Nash sighed and leaned forward with his elbows on his knees. “I just don’t understand how you can take this so lightly.”

“What do you want me to do, slap on some black eye shadow and host my own wake? I’m gonna die, Nash. There’s nothing anyone can do to stop that. But I’ve got six days left, and I don’t want to spend them thinking about how it’s all gonna end.”

I sat up on the bed and studied him, trying to see him like I had six months earlier, when we’d first started going out. Before he’d betrayed me to feed an addiction to Demon’s Breath
that was my fault in the first place. I’d spent the past month and a half learning to trust him again—letting him convince me that was possible—but now I was out of time. As with everything really good in life, I’d have to either jump in headfirst, or not at all.

“What?” Nash said when I just stared at him, thinking. Wondering if I could really go through with the idea taking root in my brain. Or maybe someplace a little lower. “You better not be thinking something stupid, like breaking up with me now will make next Thursday easier for me.”

“Nash, if I thought there was any way to make my death easier for you, we wouldn’t be together in the first place. I just… I don’t want to dwell on all the things I’m not gonna get to do.” I took a deep breath and ignored my racing pulse. I couldn’t choose when or how my life ended, but I could choose how I spent what time I had left.

I can do this
.

I took his hand and pulled him out of the chair. I didn’t have to pull very hard—it was more an issue of guiding him where I wanted him. Onto the bed. With me. “I wanna do some of them, before it’s too late.”

I scooted backward and he crawled over my legs and up my torso as I lay back on the pillows, and my heart beat so hard I could hear it echo in my ears.

“This is why you closed the door?” he whispered, dropping a series of tiny kisses at the back of my jaw.

“It wasn’t premeditated….” I breathed, running my hands over the front of his shirt, feeling the planes beneath.
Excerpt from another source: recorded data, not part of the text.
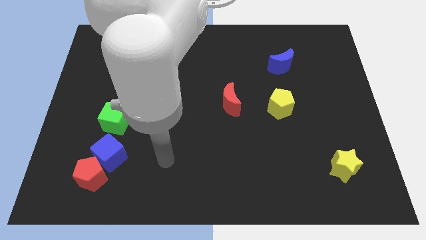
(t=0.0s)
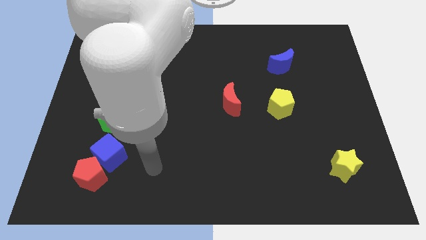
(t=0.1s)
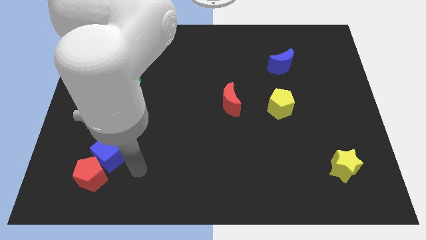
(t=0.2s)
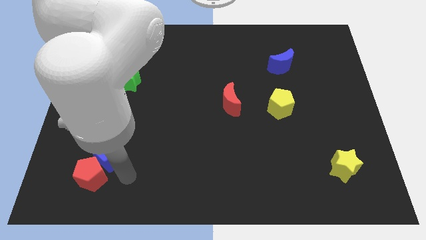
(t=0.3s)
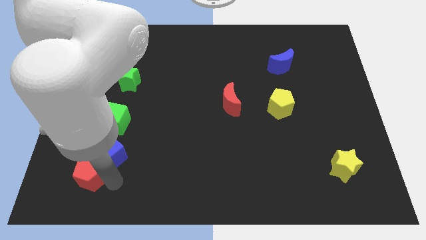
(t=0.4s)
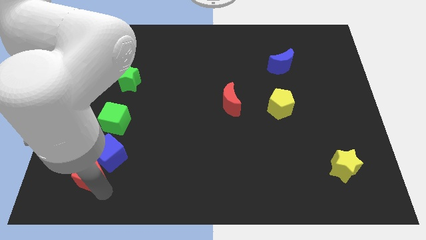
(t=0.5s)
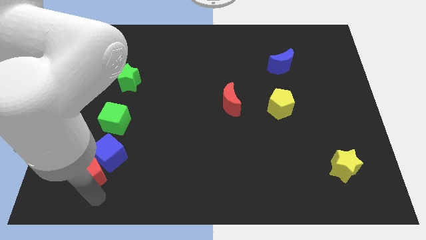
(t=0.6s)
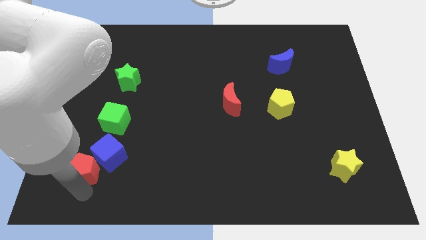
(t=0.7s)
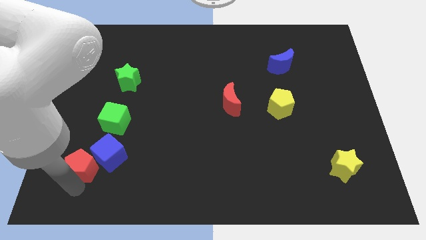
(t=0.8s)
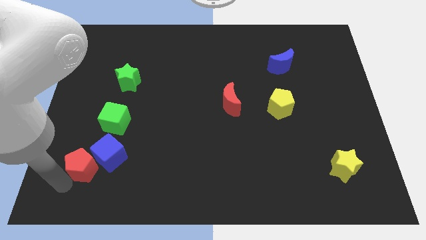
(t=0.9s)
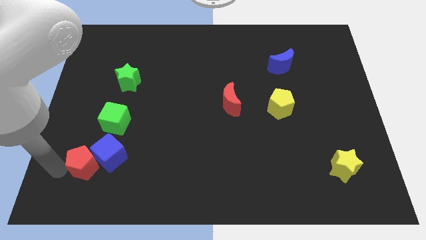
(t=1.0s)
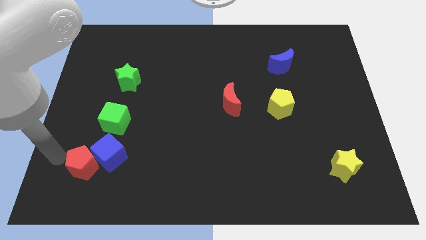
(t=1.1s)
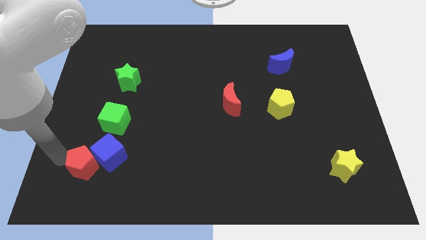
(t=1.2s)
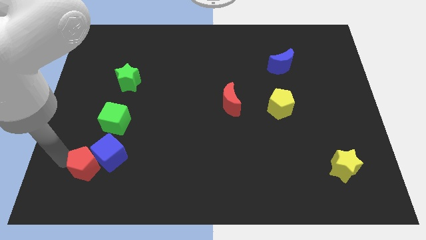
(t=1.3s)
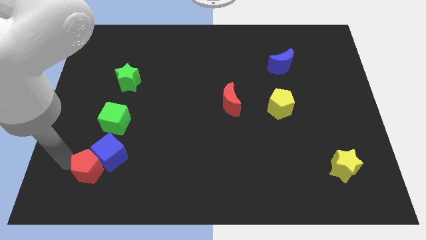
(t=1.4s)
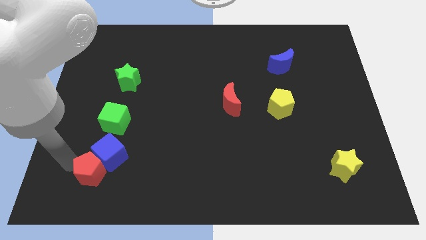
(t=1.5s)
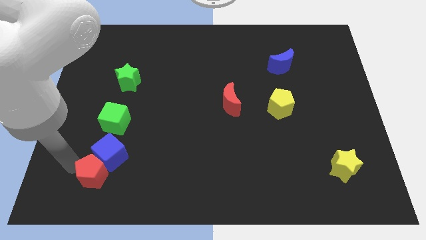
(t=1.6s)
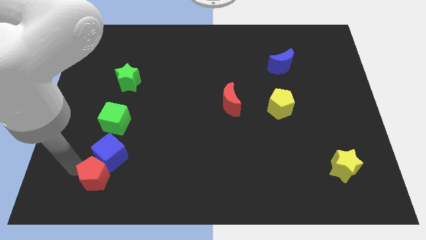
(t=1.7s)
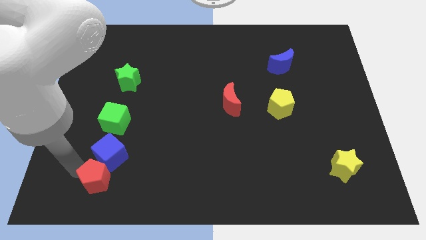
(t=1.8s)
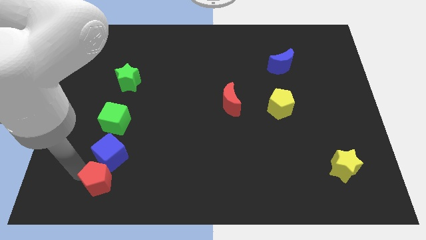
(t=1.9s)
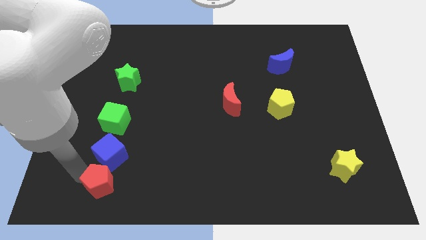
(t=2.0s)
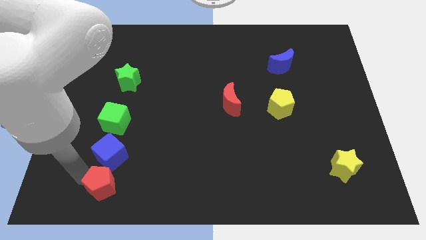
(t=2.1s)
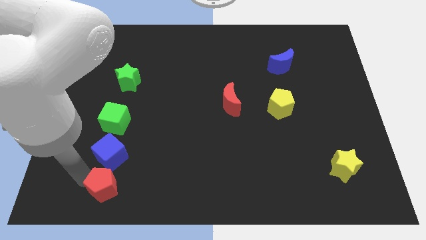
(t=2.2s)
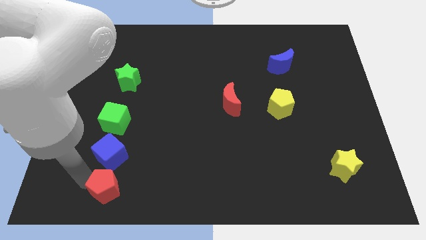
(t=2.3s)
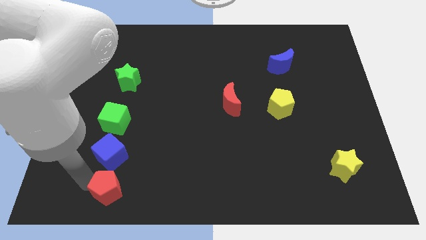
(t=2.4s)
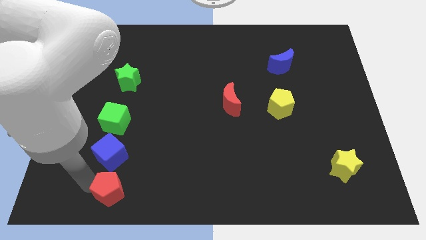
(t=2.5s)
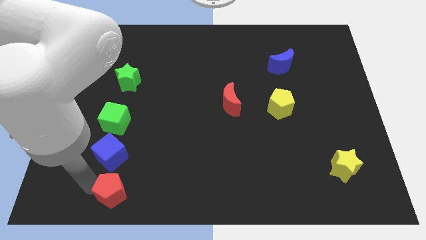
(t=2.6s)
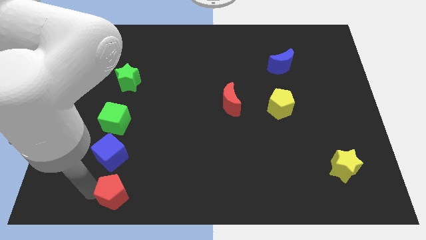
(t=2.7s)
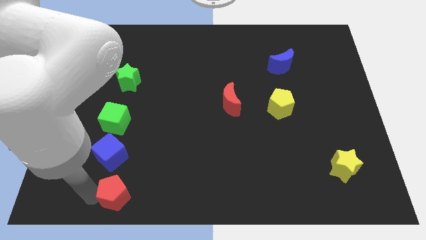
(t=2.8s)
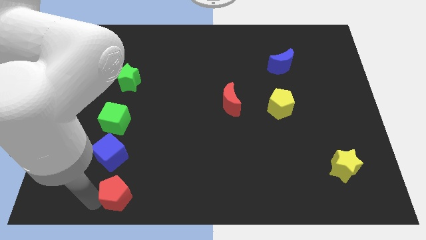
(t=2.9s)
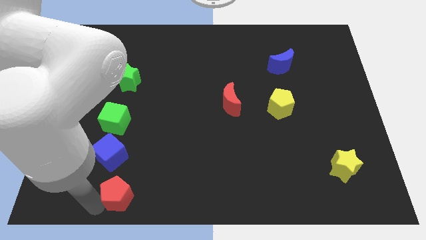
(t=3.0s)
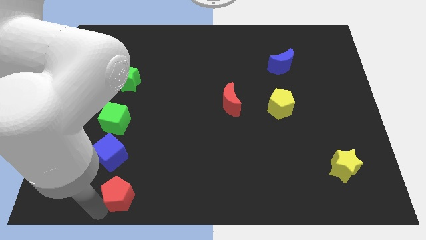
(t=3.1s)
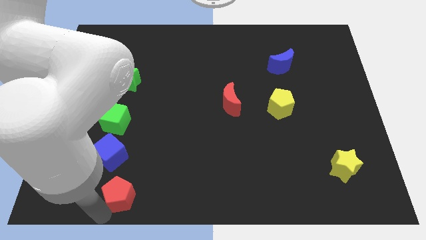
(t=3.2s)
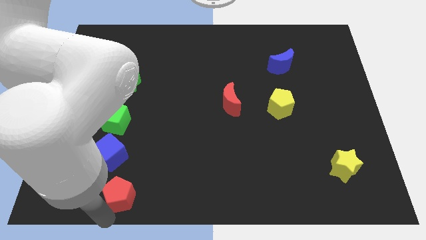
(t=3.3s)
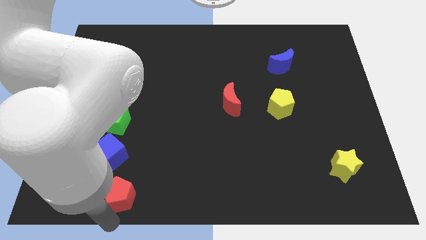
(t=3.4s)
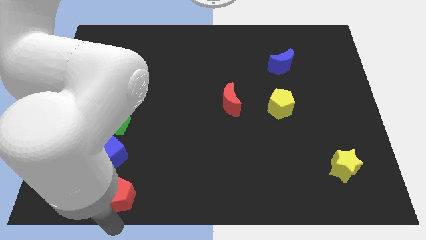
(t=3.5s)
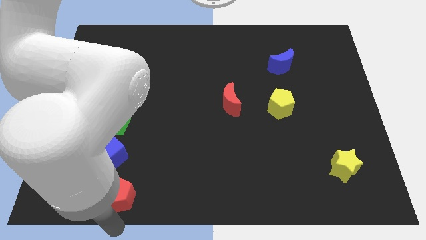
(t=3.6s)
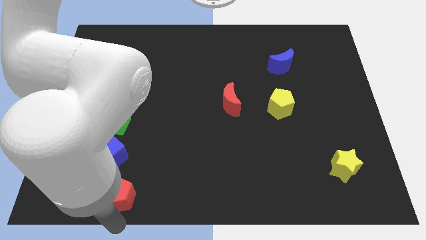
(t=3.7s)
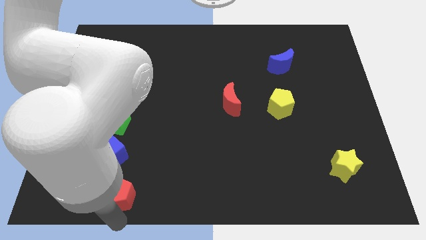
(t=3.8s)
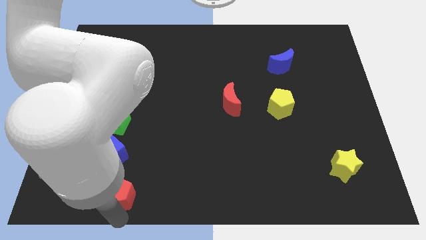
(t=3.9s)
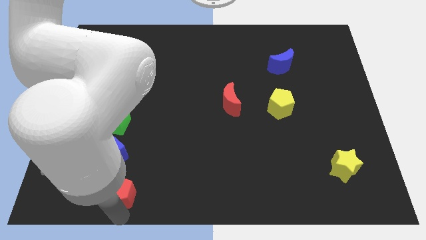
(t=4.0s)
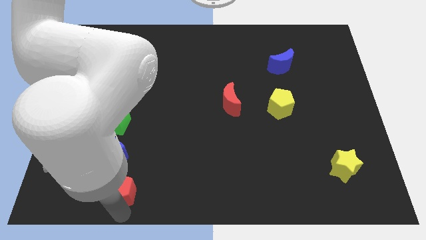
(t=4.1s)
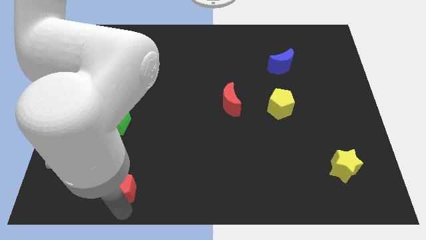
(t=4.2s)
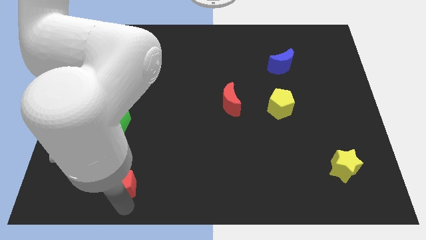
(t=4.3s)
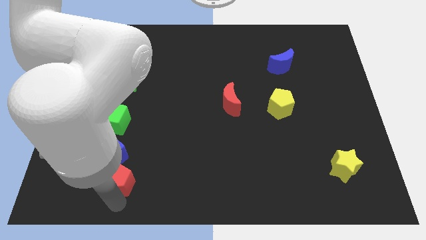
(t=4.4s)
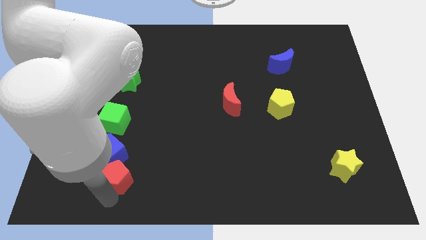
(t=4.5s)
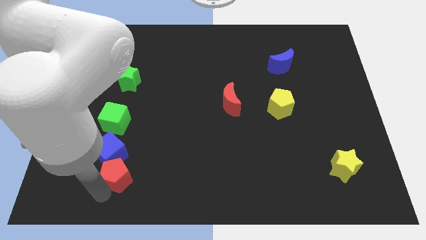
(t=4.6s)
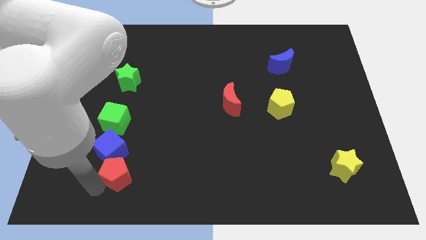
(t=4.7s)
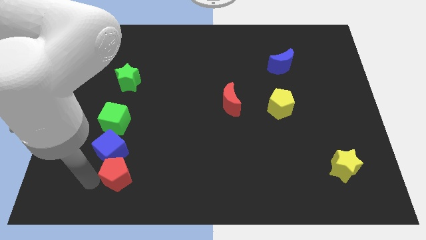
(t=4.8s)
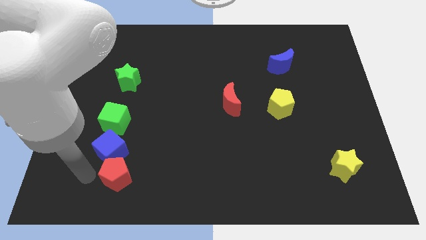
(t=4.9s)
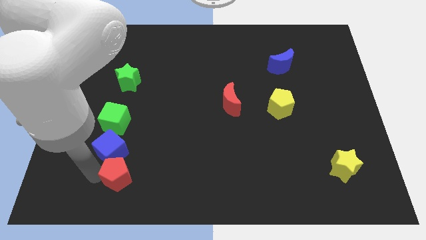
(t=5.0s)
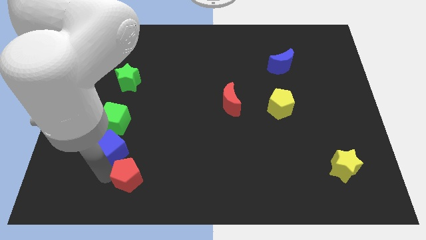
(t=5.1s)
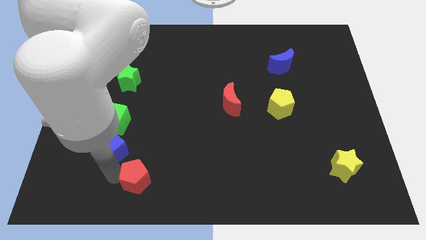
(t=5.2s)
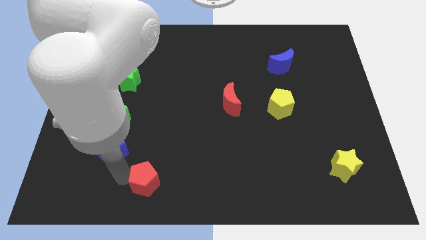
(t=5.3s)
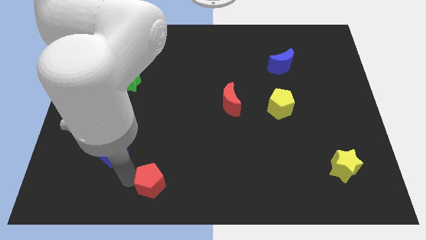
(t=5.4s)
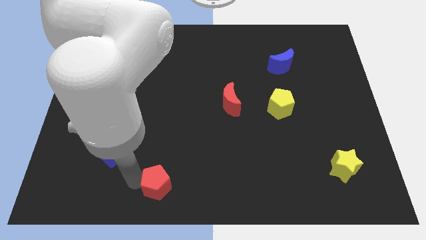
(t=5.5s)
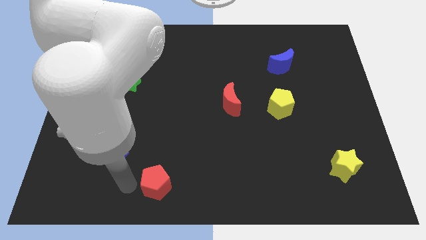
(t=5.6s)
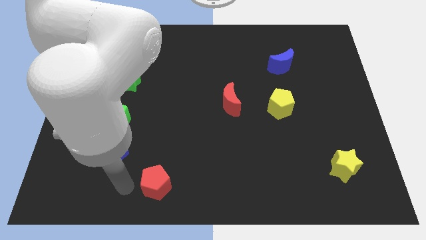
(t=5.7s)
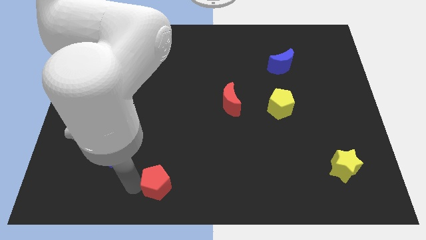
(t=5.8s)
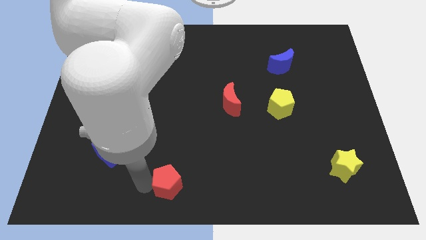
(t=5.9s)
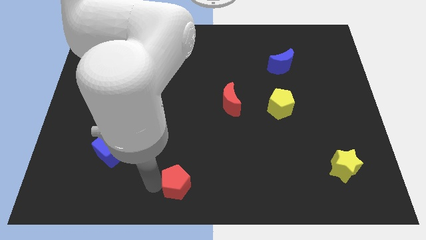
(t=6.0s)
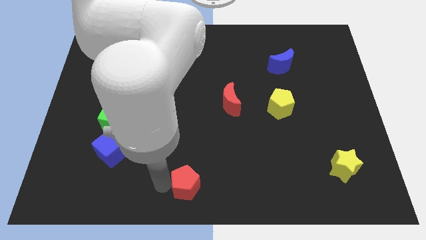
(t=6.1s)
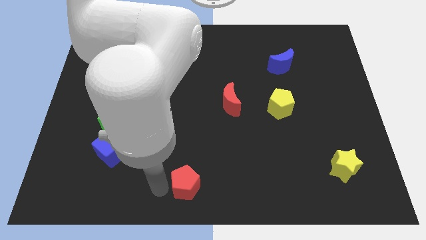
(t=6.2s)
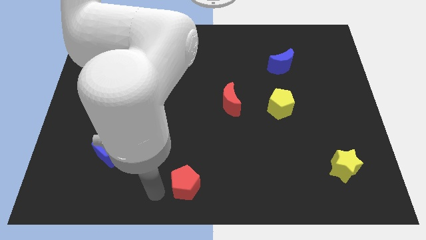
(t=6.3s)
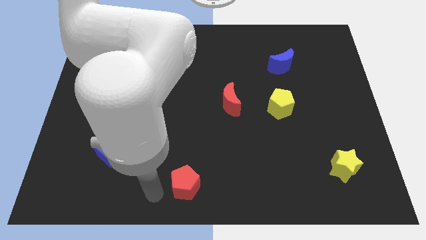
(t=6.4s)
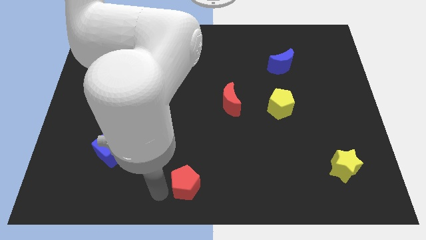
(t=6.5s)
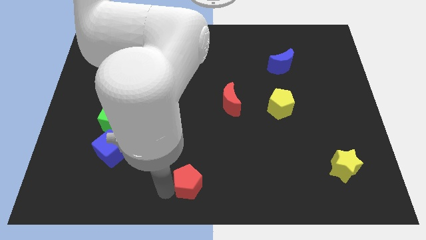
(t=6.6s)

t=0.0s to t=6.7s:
slide the red pentagon right

Was his heart beating as hard as mine? Was that even possible?

“Coulda fooled me.”

“Shut up.” I slid one hand behind his neck and pulled him down until his mouth met mine. His lips were warm and soft, and the taste of him brought back nothing but good
memories—the only advantage to having been possessed by a hellion is that you don’t actually remember what happened while you were away from your body. Which made it just a
little
easier for me to push aside the knowledge that he’d been less than trustworthy in the past and just
decide
to trust Nash now.

I’d been unable to do that completely so far, but knowing I was going to die soon—knowing I was about to lose my chance—made me bold. Not quite fearless, like Sabine, but definitely brave. And more than a little eager.

My mouth opened beneath his, and Nash kissed me deeper. His weight settled onto me, heavy and warm, and very, very real. A nervous tingling started in the pit of my stomach and spread like pins and needles everywhere Nash touched me. I’d never felt more alive, and the irony in that thought did not escape me.

This is going to happen
. I was ready, mostly because there was no more time to not be ready—not unless I wanted to die a virgin. And of all the things I still wanted to do before I died, this was the only one within reach.

Nash’s mouth trailed down my throat, and I closed my eyes, concentrating on the electric feel of his hands, the scalding heat from his lips. Letting it all overwhelm the sharp edge of fear holding steady like the eye of the storm raging around me. I had a lot of things to be scared of—
real
things—but this wasn’t one of them. And slowly, I let my hands trail down from his chest to the waist of his jeans.